Now we’ll look closer at functions. You’ll remember that for a set of pairs to be a function, there must be only one domain value – ie the first values from a set of pairs must themselves be a set. We’ll borrow our definition of member* from Chapter 6.

(def firsts
  (fn [l]
    (cond
      (empty? l) '()
      true (cons (first (first l))
        (firsts (rest l))))))

(println "")
(println "firsts")
(println (firsts '((8 3)(4 2)(7 6)(6 2)(3 4))))
;//=>(8 4 7 6 3)

(def fun?
  (fn [rel]
    (set? (firsts rel))))

(println "")
(println "fun? - refactored to use set? and firsts")
(println (fun? '((4 3)(4 2)(7 6)(6 2)(3 4))))
;//=>false
(println (fun? '((8 3)(4 2)(7 6)(6 2)(3 4))))
;//=>true
(println (fun? '((8 3)(4 2)(7 1)(6 0)(9 5))))
;//=>true

Now just in case you ever wanted to reverse the elements in their pairs and order in the list – we bring you revrel. (It is actually a building block for other functions to come).

(def revrel
  (fn [rel]
    (cond
      (null? rel) '()
      true (cons
             (build
               (second_ (first rel))
               (first_ (first rel)))
             (revrel (rest rel))))))

(println (revrel '((4 3)(4 2)(7 6)(6 2)(3 4))))
;//=>((3 4) (2 4) (6 7) (2 6) (4 3))
(println (revrel '((8 3)(4 2)(7 6)(6 2)(3 4))))
;//=>((3 8) (2 4) (6 7) (2 6) (4 3))
(println (revrel '((8 3)(4 2)(7 1)(6 0)(9 5))))
;//=>((3 8) (2 4) (1 7) (0 6) (5 9))

So applying what we’ve just learned – a full function is one in which both the values of the domain are unique, and the values of the range are unique. We can test this with fullfun?:

(def fullfun?
  (fn [fun]
    (set_? (seconds_ fun))))

(println (fullfun? '((4 3)(4 2)(7 6)(6 2)(3 4))))
;//=>false
(println (fullfun? '((8 3)(4 2)(7 6)(6 2)(3 4))))
;//=>false
(println (fullfun? '((8 3)(4 2)(7 1)(6 0)(9 5))))
;//=>true

A simpler way to express this idea is that the domain of the function is unique – even if the range values are swapped with the domain values – we call this one-to-one:

(def one-to-one?
  (fn [fun]
    (fun? (revrel fun))))

(println (one-to-one? '((4 3)(4 2)(7 6)(6 2)(3 4))))
;//=>false
(println (one-to-one? '((8 3)(4 2)(7 6)(6 2)(3 4))))
;//=>false
(println (one-to-one? '((8 3)(4 2)(7 1)(6 0)(9 5))))

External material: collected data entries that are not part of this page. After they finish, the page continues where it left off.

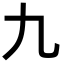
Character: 九
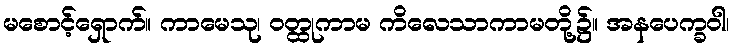
မစောင့်ရှောက်။ ကာမေသု၊ ဝတ္ထုကာမ ကိလေသာကာမတို့၌။ အနပေက္ခဝါ၊
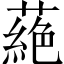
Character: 蕝
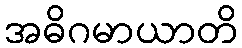
အဓိဂမာယာတိ
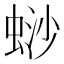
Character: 𬠋
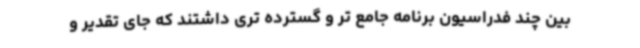
بین چند فدراسیون برنامه جامع تر و گسترده تری داشتند که جای تقدیر و
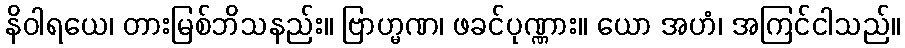
နိဝါရယေ၊ တားမြစ်ဘိသနည်း။ ဗြာဟ္မဏ၊ ဖခင်ပုဏ္ဏား။ ယော အဟံ၊ အကြင်ငါသည်။
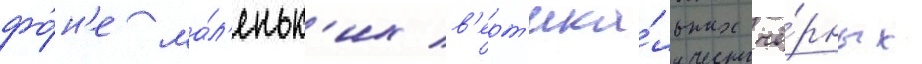
фо́н'е ма́л'еньк'их в'ерт'ика́льных чё́рных
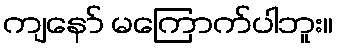
ကျနော် မကြောက်ပါဘူး။
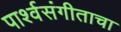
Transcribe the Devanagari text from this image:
पार्श्वसंगीताचा
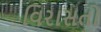
વિરાસતો
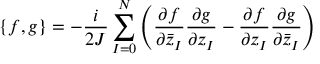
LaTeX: \{ f , g \} = - \frac { i } { 2 J } \sum _ { I = 0 } ^ { N } \left( \frac { \partial f } { \partial { \bar { z } } _ { I } } \frac { \partial g } { \partial z _ { I } } - \frac { \partial f } { \partial z _ { I } } \frac { \partial g } { \partial { \bar { z } } _ { I } } \right)
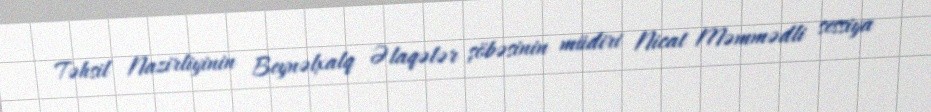
Təhsil Nazirliyinin Beynəlxalq Əlaqələr şöbəsinin müdiri Nicat Məmmədli sessiya
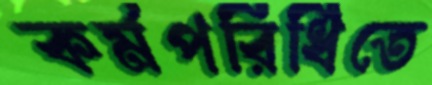
কর্মপরিধিতে
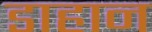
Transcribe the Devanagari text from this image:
डाहान
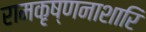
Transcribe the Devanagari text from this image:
रामकृष्णनाशारि
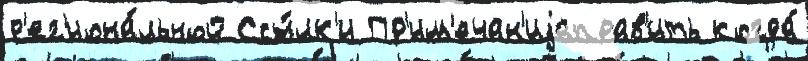
р'ег'иона́льной Ссы́лк'и Пр'им'ечан'иjаправ'ить когда́
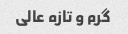
گرم و تازه عالی
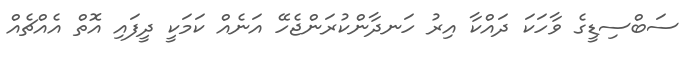
ސަބްސިޑީގެ ވާހަކަ ދައްކާ އިރު ހަނދާންކުރަންޖެހޭ އަނެއް ކަމަކީ ދީފައި އޮތް އެއްޗެއް
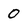
Character: O
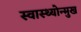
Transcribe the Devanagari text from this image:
स्वास्थ्योन्मुख
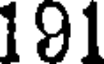
191
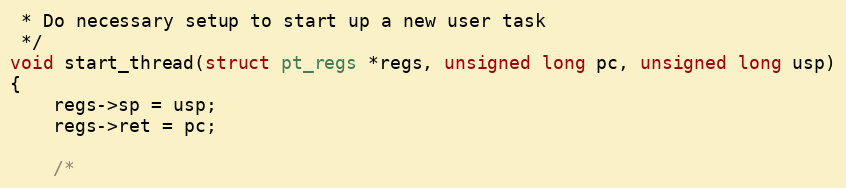
Language: C
 * Do necessary setup to start up a new user task
 */
void start_thread(struct pt_regs *regs, unsigned long pc, unsigned long usp)
{
	regs->sp = usp;
	regs->ret = pc;

	/*
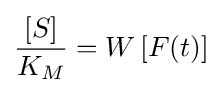
{\frac {[S]}{K_{M}}}=W\left[F(t)\right]
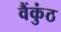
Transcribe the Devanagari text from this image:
वैंकुंठ
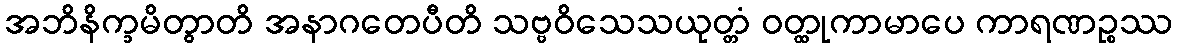
အဘိနိက္ခမိတွာတိ အနာဂတေပီတိ သဗ္ဗဝိသေသယုတ္တံ ဝတ္ထုကာမာပေ ကာရဏဉ္စဿ
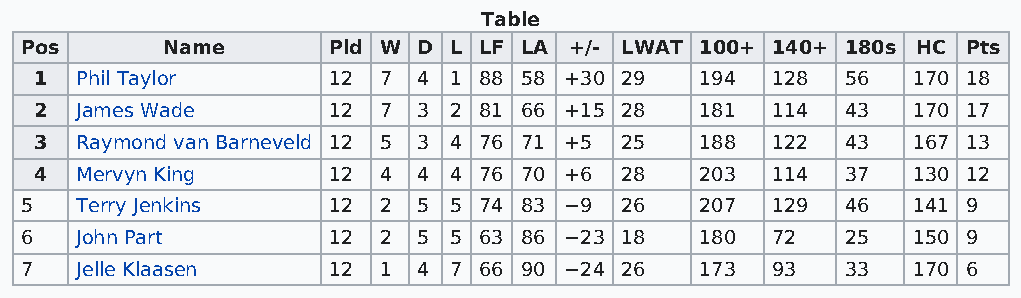
Table
 Pos       Name       Pld W D L LF LA +/- LWAT 100+ 140+ 180s HC Pts
 1  Phil Taylor      12 7  4 1 88 58 +30 29  194  128  56  170 18
 2  James Wade       12 7  3 2 81 66 +15 28  181  114  43  170 17
 3  Raymond van Barneveld 12 5 3 4 76 71 +5 25 188 122 43  167 13
 4  Mervyn King      12 4  4 4 76 70 +6 28   203  114  37  130 12
 5   Terry Jenkins    12 2  5 5 74 83 −9 26   207  129  46  141 9
 6   John Part        12 2  5 5 63 86 −23 18  180  72   25  150 9
 7   Jelle Klaasen    12 1  4 7 66 90 −24 26  173  93   33  170 6
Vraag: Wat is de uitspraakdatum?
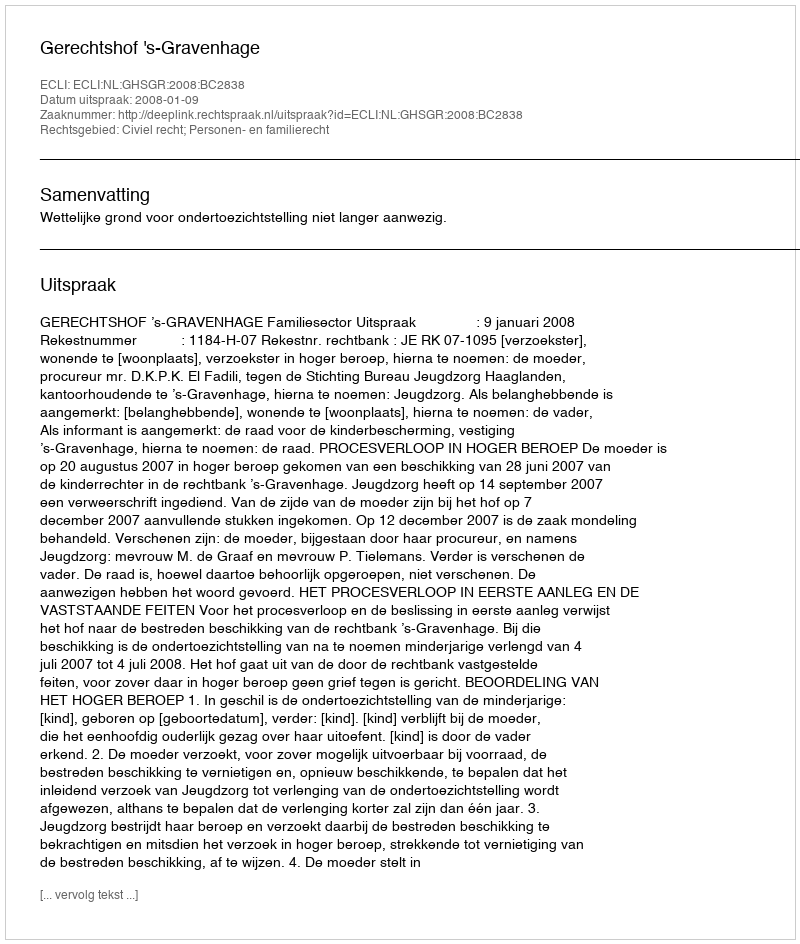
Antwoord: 2008-01-09
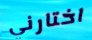
اختارني
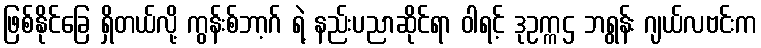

You can see this running here.

Conclusion:
This chapter we’ve looked at sets, relations and functions (in the mathematical sense). We haven’t really added any new primitives this chapter (thank goodness!).

In total our primitives so far are: atom?, null?, first, rest, cond, fn, def, empty?,=, cons, add1,, sub1, one? and expt. These are all the functions (and those in the chapters to come) that we’ll need to implement to get our metacircular interpreter working.